North of the forty-ninth parallel, companies tend to take a wait-and-see approach by experimenting with new tech rather than procuring it right away, Bartels added.

That may not be best for business, however. A study released last year by Dell Inc. found that companies adopting technologies linked to mobility, security, big data and cloud see revenue growth that is 53 per cent higher on average than firms that don’t.

Bartels reminded budget-conscious Canadian businesses at Thursday’s event that buying new technology can help them cut costs. Companies can then use those savings to invest in driving sales, profits and productivity elsewhere in their operations, he said.

andrew-bartels
Bartels: Canadian execs have a “cautious, conservative attitude toward new technologies.”

David Samuels gave some examples of those potential gains while co-presenting with Bartels in Toronto. Samuels, Concur’s senior VP of client sales and development, said Concur users get their expense reports approved in an average of 4.5 days and receive reimbursements in about 2.8 days.

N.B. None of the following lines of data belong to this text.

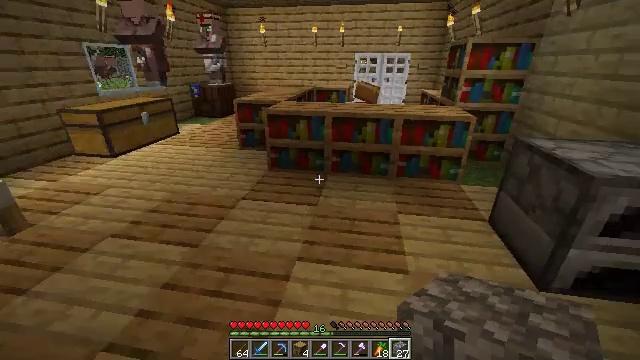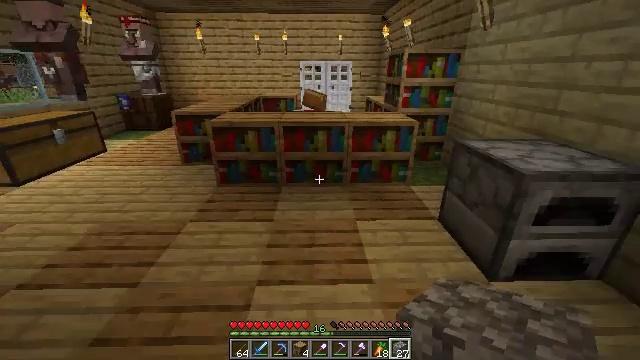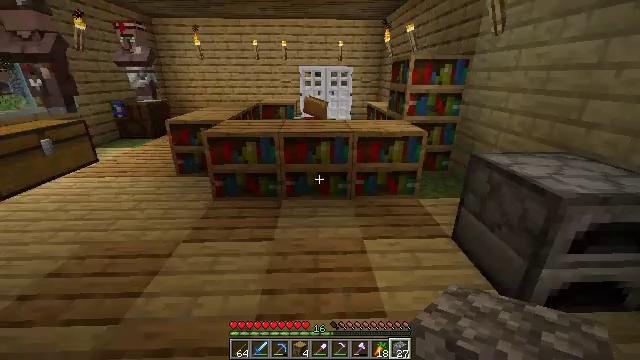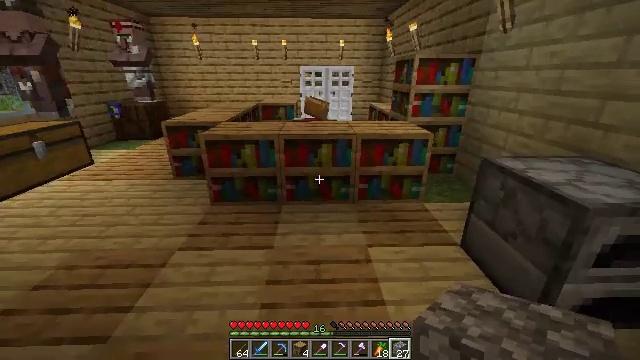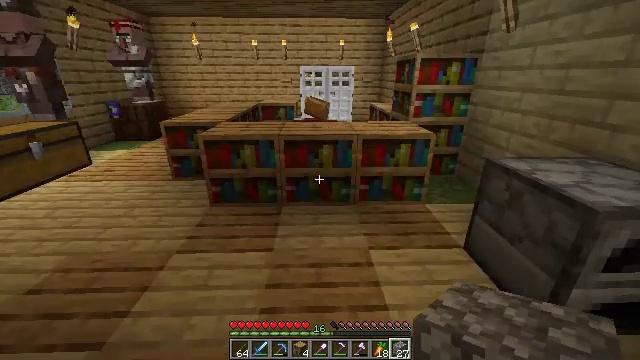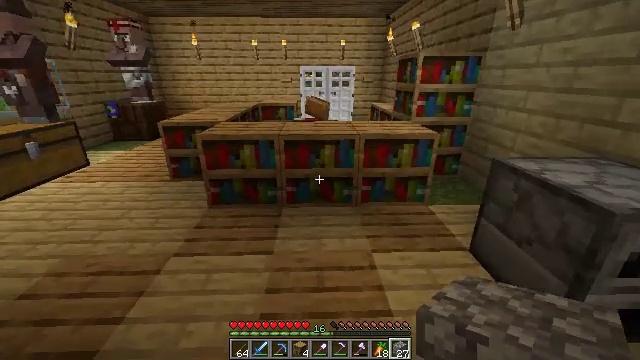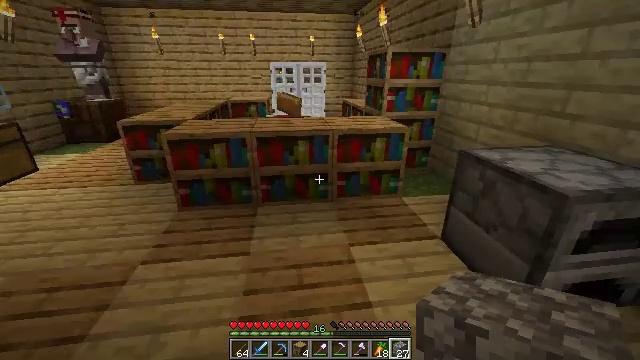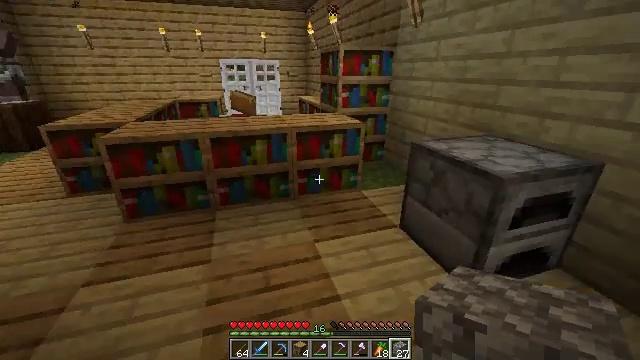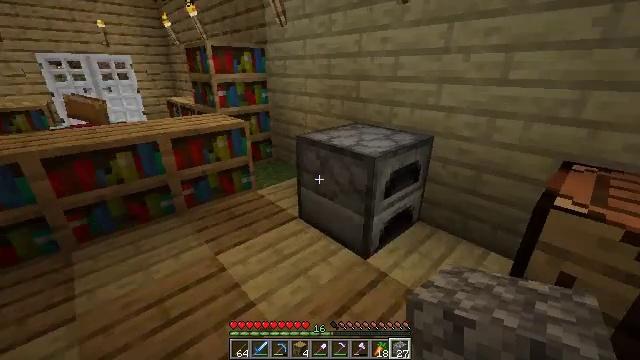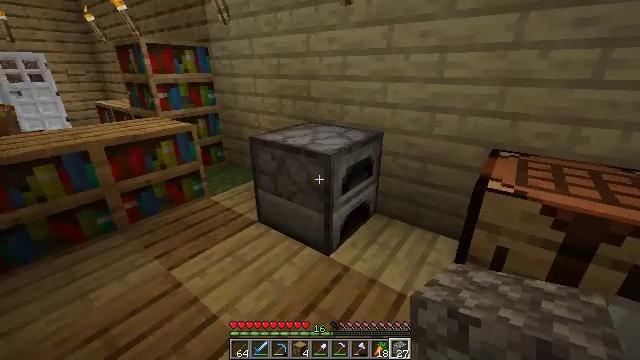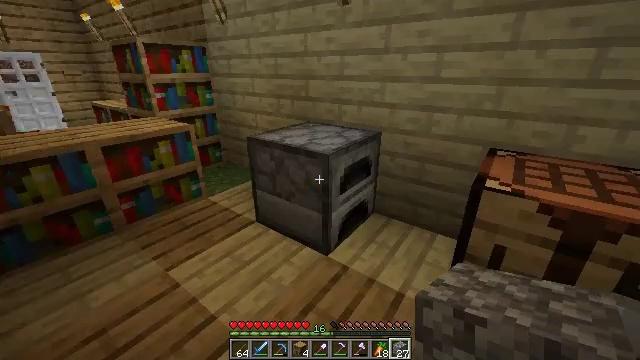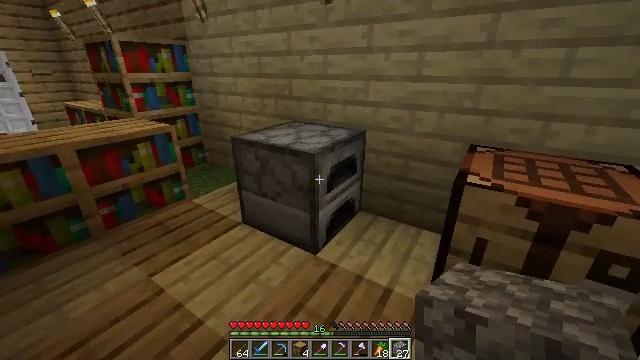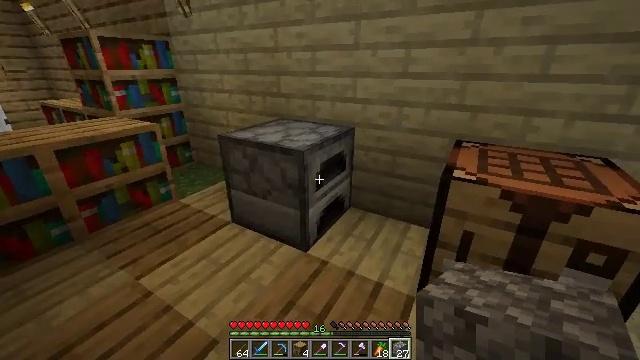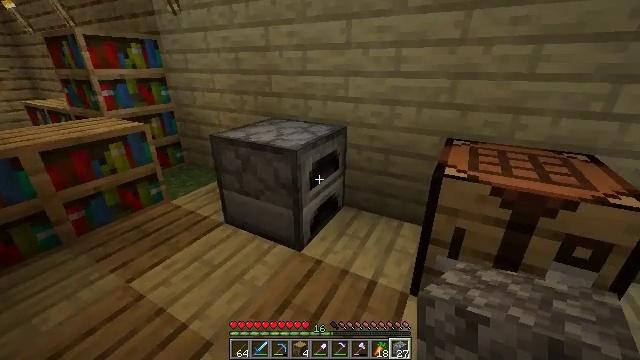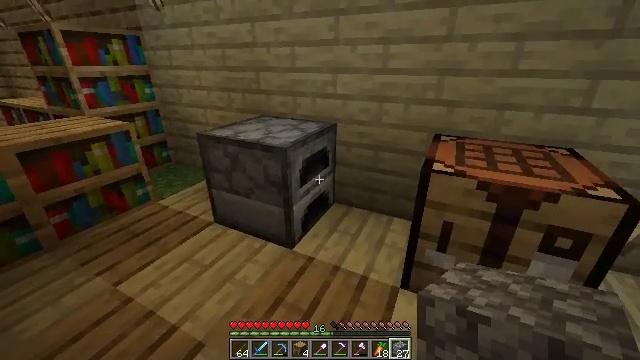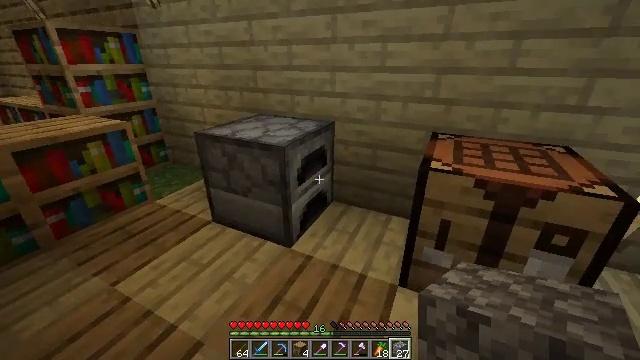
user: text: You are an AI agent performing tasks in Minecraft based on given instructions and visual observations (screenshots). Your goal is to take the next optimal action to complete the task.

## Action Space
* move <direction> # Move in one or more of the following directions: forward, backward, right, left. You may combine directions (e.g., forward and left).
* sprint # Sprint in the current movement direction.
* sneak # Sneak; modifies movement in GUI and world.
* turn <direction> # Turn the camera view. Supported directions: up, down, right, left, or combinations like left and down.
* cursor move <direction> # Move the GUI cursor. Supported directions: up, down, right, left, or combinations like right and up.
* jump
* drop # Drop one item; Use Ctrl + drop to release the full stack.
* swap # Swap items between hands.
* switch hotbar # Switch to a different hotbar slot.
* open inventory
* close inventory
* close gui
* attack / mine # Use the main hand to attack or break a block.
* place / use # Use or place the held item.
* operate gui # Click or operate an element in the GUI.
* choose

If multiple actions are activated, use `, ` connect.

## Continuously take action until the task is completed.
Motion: motion action
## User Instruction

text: Craft an iron door by using iron ingots in the crafting table.
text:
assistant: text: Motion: move forward, turn right and up
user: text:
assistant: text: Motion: move forward, turn up
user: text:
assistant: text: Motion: no_op
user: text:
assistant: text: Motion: no_op
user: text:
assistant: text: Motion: no_op
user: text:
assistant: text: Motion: turn right
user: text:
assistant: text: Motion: turn right
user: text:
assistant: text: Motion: turn right
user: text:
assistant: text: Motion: turn right
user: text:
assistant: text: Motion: no_op
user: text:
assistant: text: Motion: turn right
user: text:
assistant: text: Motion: turn right
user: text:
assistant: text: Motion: turn right
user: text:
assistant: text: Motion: turn right
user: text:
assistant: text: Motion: no_op
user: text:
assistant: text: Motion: no_op
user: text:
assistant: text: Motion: no_op
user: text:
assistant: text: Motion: move forward
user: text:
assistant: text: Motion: move forward
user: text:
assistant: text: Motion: move forward, turn right
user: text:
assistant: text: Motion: move forward, turn right and down
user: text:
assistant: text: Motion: move forward, turn right
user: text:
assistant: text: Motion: move forward, turn right
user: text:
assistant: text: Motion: move forward
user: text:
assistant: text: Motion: turn right
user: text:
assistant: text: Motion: turn right
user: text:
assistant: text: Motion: turn right
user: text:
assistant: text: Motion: no_op
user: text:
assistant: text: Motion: use / place
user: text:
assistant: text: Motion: use / place

Those activities used to take weeks or sometimes months using manual paper methods, he said.

Samuels said one company has reported saving $1 million since deploying one of Concur’s SaaS offerings less than four months ago in May.

Saving with SaaS

Forrester’s Bartels cited subscription-based SaaS as a key area where prudent Canadian businesses can put their money during ongoing economic uncertainty without inflating their long term capital spending.

“Companies want to conserve cash so they don’t necessarily want to invest in new software … So certainly SaaS is attractive for that reason.”

In its forecast, Forrester also advises Canadian businesses to make the following strategic moves in 2016-2017:

  • Cut back or defer spending on hardware and telecom because “these are technologies that don’t contribute directly to business transformation or competitive differentiation”;
  • Negotiate with vendors to extend existing contracts in exchange for a cut in rates, or look for cheaper alternatives;
  • Focus discretionary spending on business technologies like analytics, mobile and Internet of Things “that can help Canadian firms win, serve and retain customers.”